Kevin Ireland created his blog in January 2008. He called it "My Divorce Sucks."
"If you are reading this then you probably know me," his first post begins. "I needed a way to let everyone know what is going on with my divorce without having to rehash things all the time."
Kevin's wife, Kimberly Ireland, had filed for divorce on March 19, 2007, after 14 years of marriage. The couple had a young son and a teenage daughter. Kevin worked an IT job, and Kimberly was a lawyer who had recently left her position at a large firm to become a partner in a new, storefront practice, McKee & Ireland LLC. Aaron McKee, Kimberly's law partner, was also serving as her attorney in the divorce.
What started as a simple legal proceeding between the Irelands soon mutated into a vicious, scorched-earth campaign.

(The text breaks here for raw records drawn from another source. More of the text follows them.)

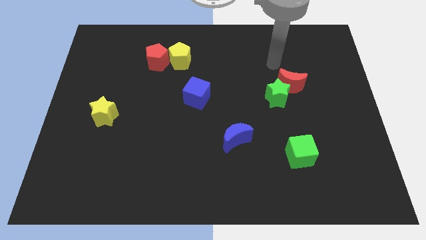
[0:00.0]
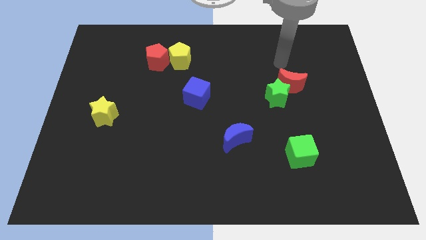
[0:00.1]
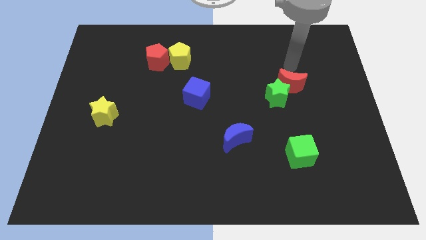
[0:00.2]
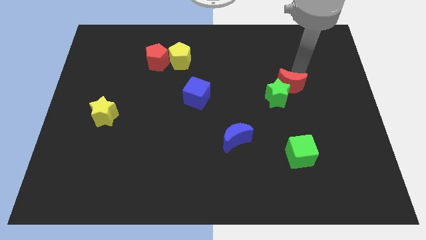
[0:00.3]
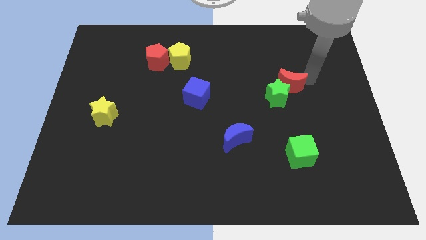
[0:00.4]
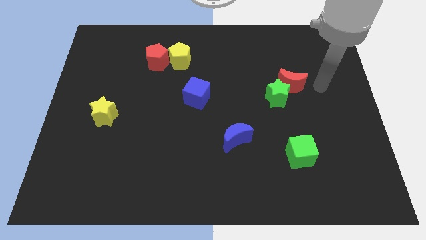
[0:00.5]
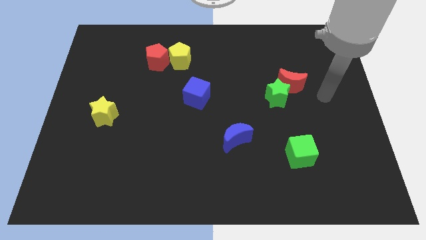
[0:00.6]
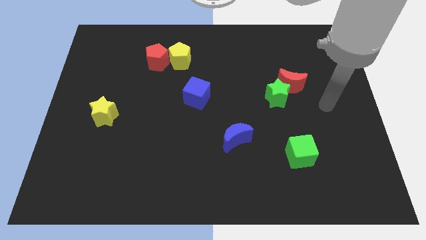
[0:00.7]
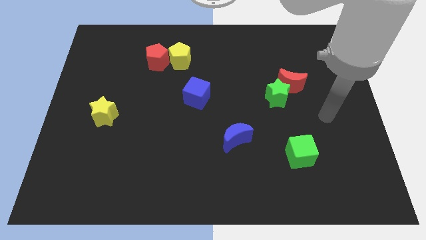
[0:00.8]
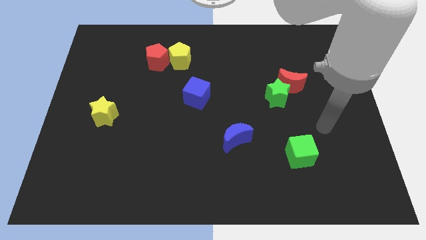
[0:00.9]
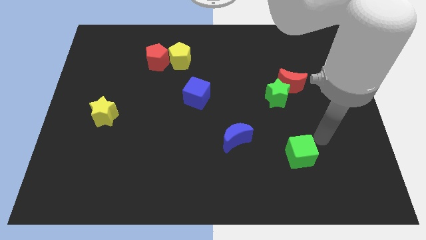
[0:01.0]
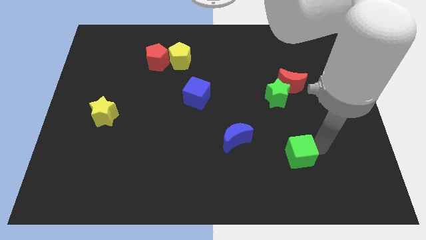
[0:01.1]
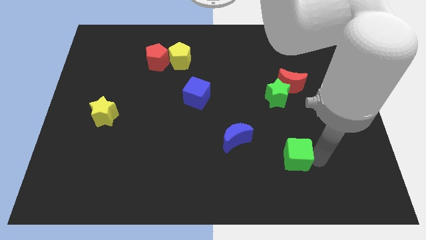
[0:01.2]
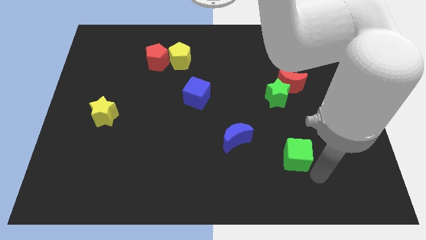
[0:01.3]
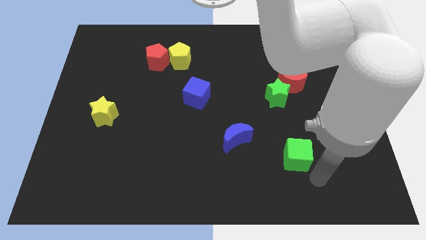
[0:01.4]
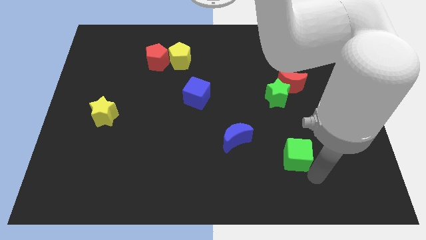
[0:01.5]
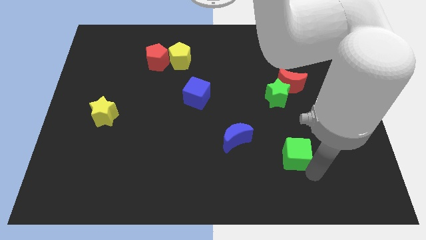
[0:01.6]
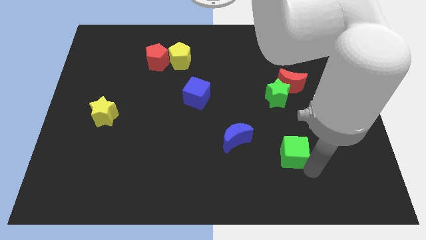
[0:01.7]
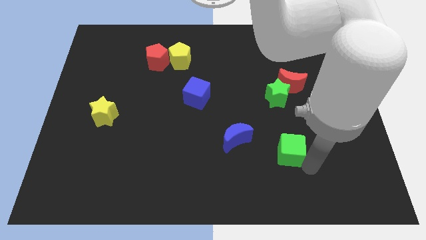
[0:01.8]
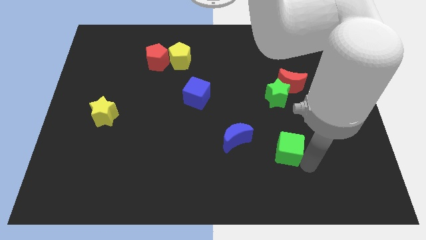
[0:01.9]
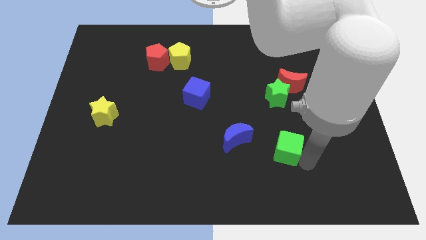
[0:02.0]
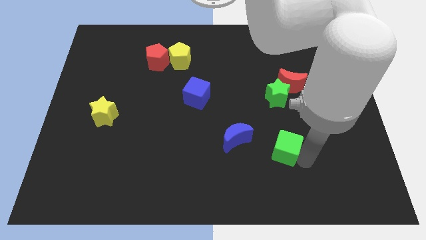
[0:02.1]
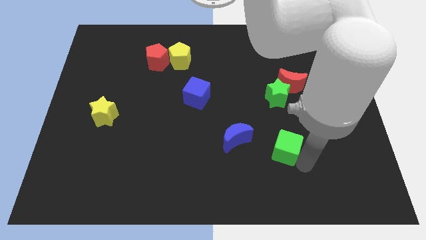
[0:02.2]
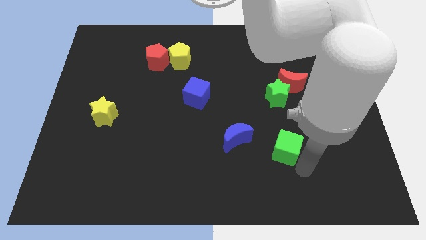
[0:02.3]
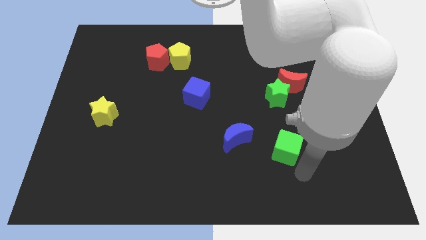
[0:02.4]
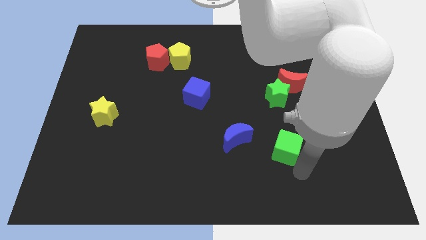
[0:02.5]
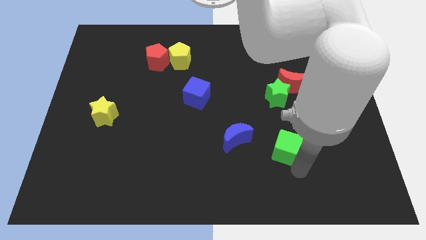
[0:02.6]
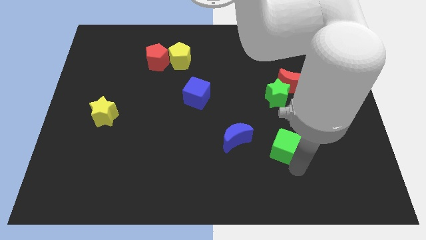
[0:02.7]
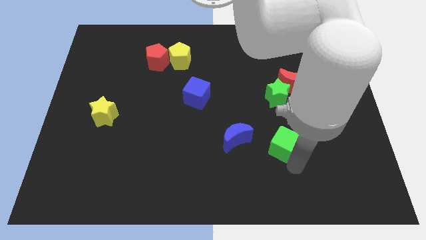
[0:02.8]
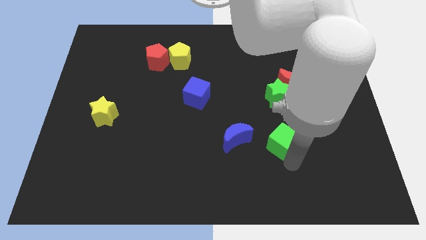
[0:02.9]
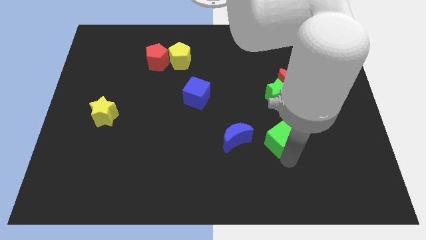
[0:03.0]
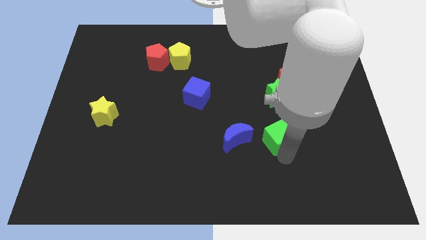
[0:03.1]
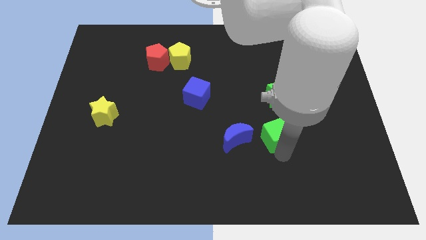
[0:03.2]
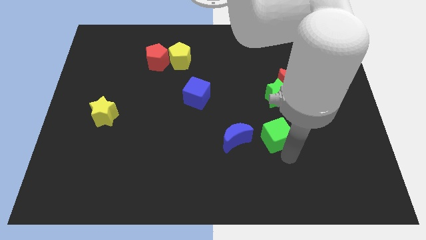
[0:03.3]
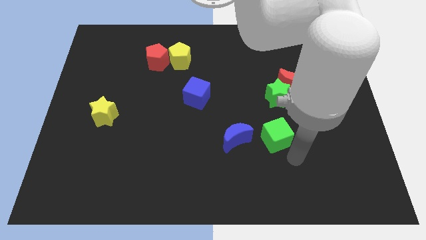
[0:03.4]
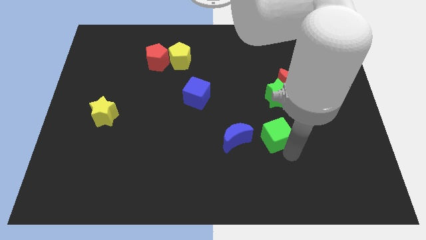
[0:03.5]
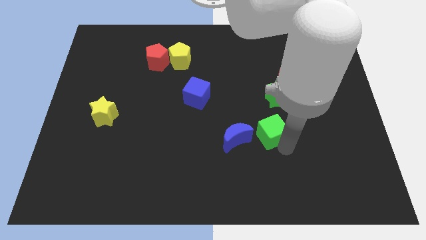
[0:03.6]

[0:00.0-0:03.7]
slightly push the green cube up and then left

As court filings accumulated, the Irelands' respective attorneys poured gasoline on the flames. A Johnson County judge eventually called it a "classic War of the Roses-type situation" and described the Ireland family as "bizarre."
The Irelands' differences seemed irreconcilable, but when Kimberly phoned Kevin in July 2008, suggesting that they reunite, Kevin readily agreed. Friends say Kevin adored his wife and would have done anything for her.

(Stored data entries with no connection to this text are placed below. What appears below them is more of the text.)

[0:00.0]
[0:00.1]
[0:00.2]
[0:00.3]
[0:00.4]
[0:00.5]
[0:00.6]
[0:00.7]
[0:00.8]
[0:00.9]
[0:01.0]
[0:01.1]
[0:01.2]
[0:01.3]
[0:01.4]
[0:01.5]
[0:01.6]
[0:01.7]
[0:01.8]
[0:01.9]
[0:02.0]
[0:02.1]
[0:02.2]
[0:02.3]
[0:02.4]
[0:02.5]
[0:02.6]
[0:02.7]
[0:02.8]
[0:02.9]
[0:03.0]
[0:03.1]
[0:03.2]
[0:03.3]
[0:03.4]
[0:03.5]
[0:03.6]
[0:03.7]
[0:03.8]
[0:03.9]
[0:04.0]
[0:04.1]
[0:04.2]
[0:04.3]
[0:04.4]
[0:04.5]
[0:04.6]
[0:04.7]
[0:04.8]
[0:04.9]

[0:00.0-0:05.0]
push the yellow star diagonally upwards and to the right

"If anything, he was a doormat," says Alison McElroy, a friend and former co-worker of Kevin's.
Kimberly's offer was conditional: She wanted Kevin to fire his lawyer, Edward Byrne. In turn, Kimberly said she would rescind the requests for protective orders that she had filed against Kevin in Johnson County District Court. They could be a family again, Kimberly said, and maybe even move to Florida for a fresh start.
At the time, the $70,000 that Kevin estimated he had spent on legal fees made reconciliation that much more attractive. Ignoring warnings from friends and family, Kevin did as Kimberly asked. He fired Byrne, sold his refrigerator and his washer and dryer, cashed his 401(k), and asked his boss for permission to transfer to his company's Florida office.
Then Kimberly sent Kevin a text message announcing that she had changed her mind.
Kevin was humiliated. On Friday, July 18, 2008, he sent text messages to Kimberly and his mother, then chased a handful of pills with alcohol. When Kimberly, who had a key to his townhouse, let herself in to check on him, she discovered him unconscious and called for an ambulance. He recovered at Olathe Medical Center and spent two weeks at a psychiatric hospital before returning home.
It might have been the cruelest chapter in the Irelands' battle, but it wasn't the weirdest.
If the ferocity of a legal dispute can be measured in the amount of paperwork its parties generate, the Irelands' divorce isn't the nastiest in Johnson County's recent history. That title most likely belongs to the split between Ronald Deffenbaugh, the wealthy founder of the region's largest trash collection company, and his first wife. A Johnson County domestic lawyer — one of the few who wasn't involved in that litigation — calls that case, filed in 1990, "truly legendary." The physical files in the Deffenbaugh divorce have been destroyed, but the lawyer estimates that there were as many as 1,000 separate filings, enough to fill a small storage room.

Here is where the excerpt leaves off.